= Jockey-Club de Paris =

Private club in Paris

The Jockey Club de Paris is a traditional gentlemen's club and is regarded as the most prestigious of private clubs in Paris. It is best remembered as a gathering place of the elite of nineteenth-century French society. Today it is decidedly but not exclusively aristocratic. The club seat is at 2, rue Rabelais in Paris, near the Champs-Élysées and it hosts the International Federation of Racing Authorities.

It no longer has official links to the horse-racing industry organisations, which are separate professional bodies.

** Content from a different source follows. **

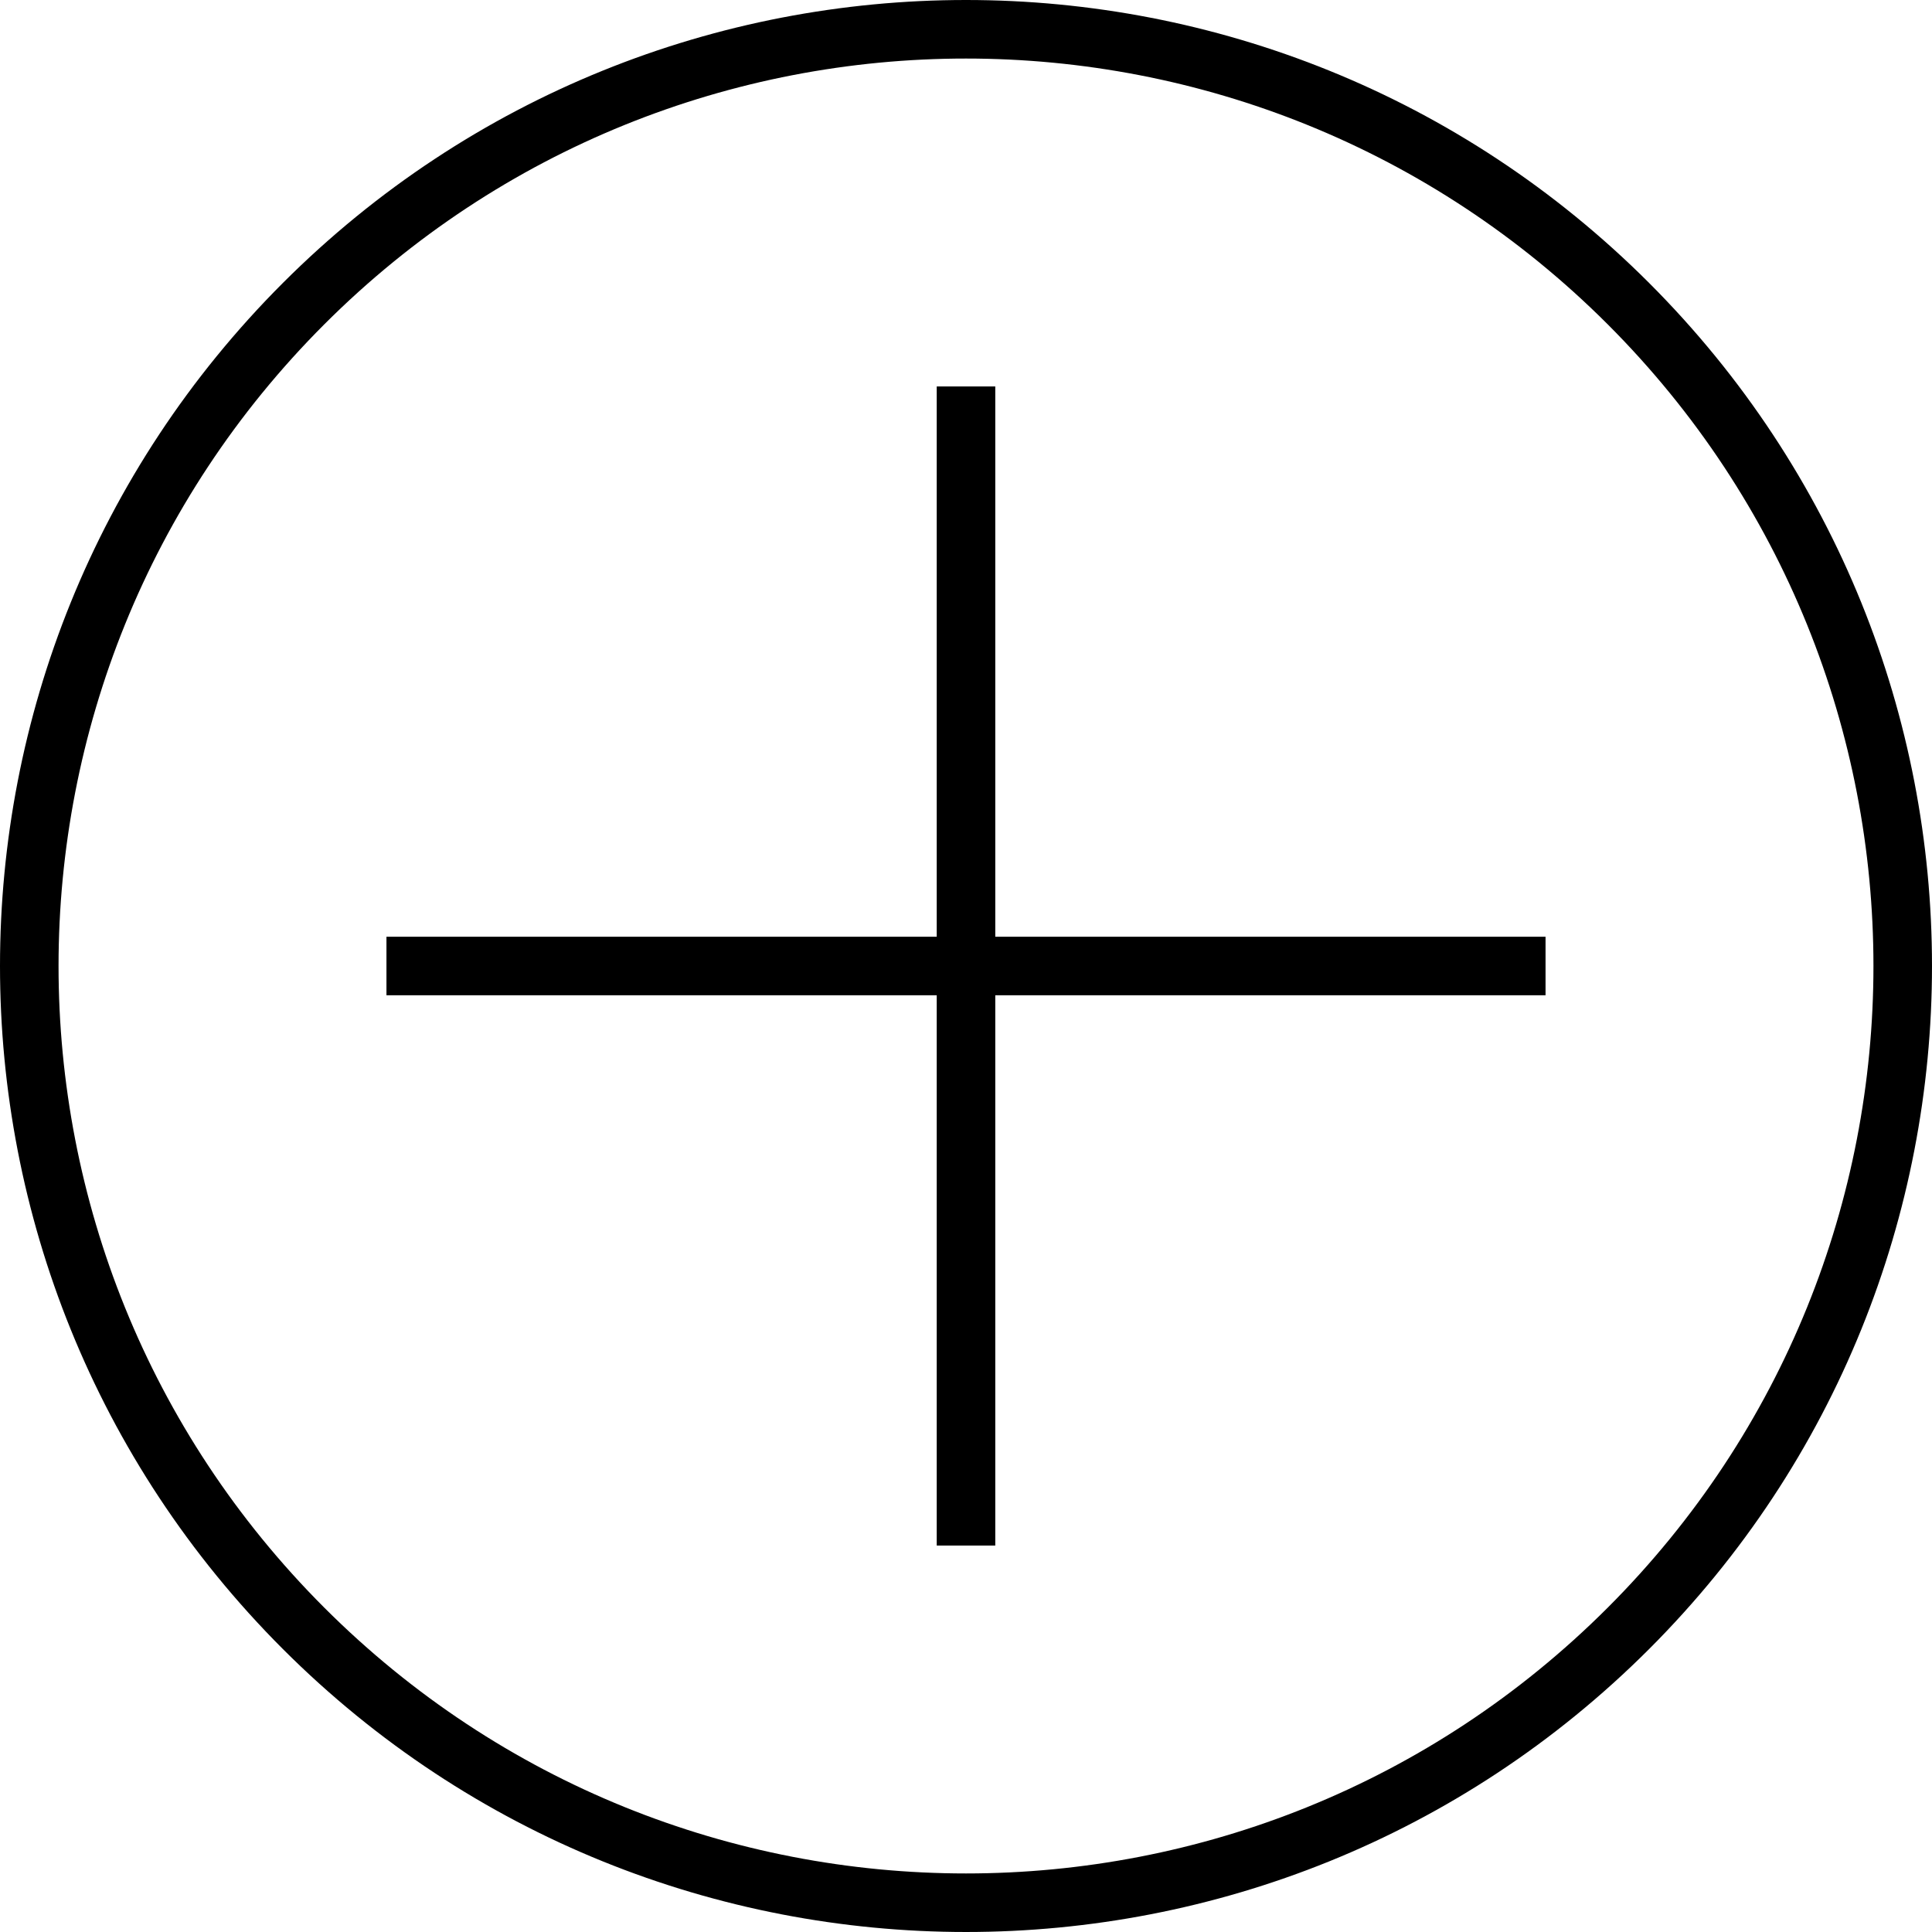 <?xml version="1.0" encoding="UTF-8"?> <svg xmlns="http://www.w3.org/2000/svg" viewBox="0 0 33 33" fill="none"><path d="M6.601 16.5L16.5 16.5M16.5 16.5H26.399M16.5 16.5V6.601M16.5 16.5V26.399M27.814 5.186C34.062 11.435 34.062 21.565 27.814 27.814C21.565 34.062 11.435 34.062 5.186 27.814C-1.062 21.565 -1.062 11.435 5.186 5.186C11.435 -1.062 21.565 -1.062 27.814 5.186Z" stroke="black"></path></svg>

== Reciprocities with other clubs ==
- Circolo della Caccia (Rome)
- Knickerbocker Club (New York)
- Metropolitan Club (Washington)
- Turf Club (Lisbon)
- Cercle Royal du Parc (Brussels)
- Boodle's (London)
- Jockey Club für Österreich (Wien)
- Turf Club (London)
- Nuevo Club (Madrid)
- Somerset Club (Boston)
- Pacific-Union Club (San Francisco)
- Círculo de Armas (Buenos Aires)
- Australian Club (Sydney)
- Melbourne Club (Melbourne)
- New Club (Edinburgh)
- Kildare Street & University Club (Dublin)
- Società del Whist Accademia Filarmonica (Torino Italy)

==History==

The Jockey Club was originally organized as the "Society for the Encouragement of the Improvement of Horse Breeding in France", to provide a single authority for horse racing in the nation, beginning at Chantilly in 1834. It swiftly became the center for the most sportifs or "sportsmen" gentlemen of le Tout-Paris. At the same time, when aristocrats and men of the haute bourgeoisie still formed the governing class, its Anglo-Gallic membership could not fail to give it some political colour: Napoleon III, who had passed some early exile in England, asserted that he had learned to govern an empire through "his intercourse with the calm, self-possessed men of the English turf".

Between 1833 and 1860, the Jockey Club transformed the Champ de Mars into a racecourse, which has since been transferred to Longchamp. One front of the Café de la Paix is in rue Scribe, which ends at the façade of the Opéra Garnier. On the wall is a memorial plaque on the Hotel Scribe, at number 1, which records the former premises of the Jockey Club, which occupied luxurious quarters on the first floor from 1863 to 1913.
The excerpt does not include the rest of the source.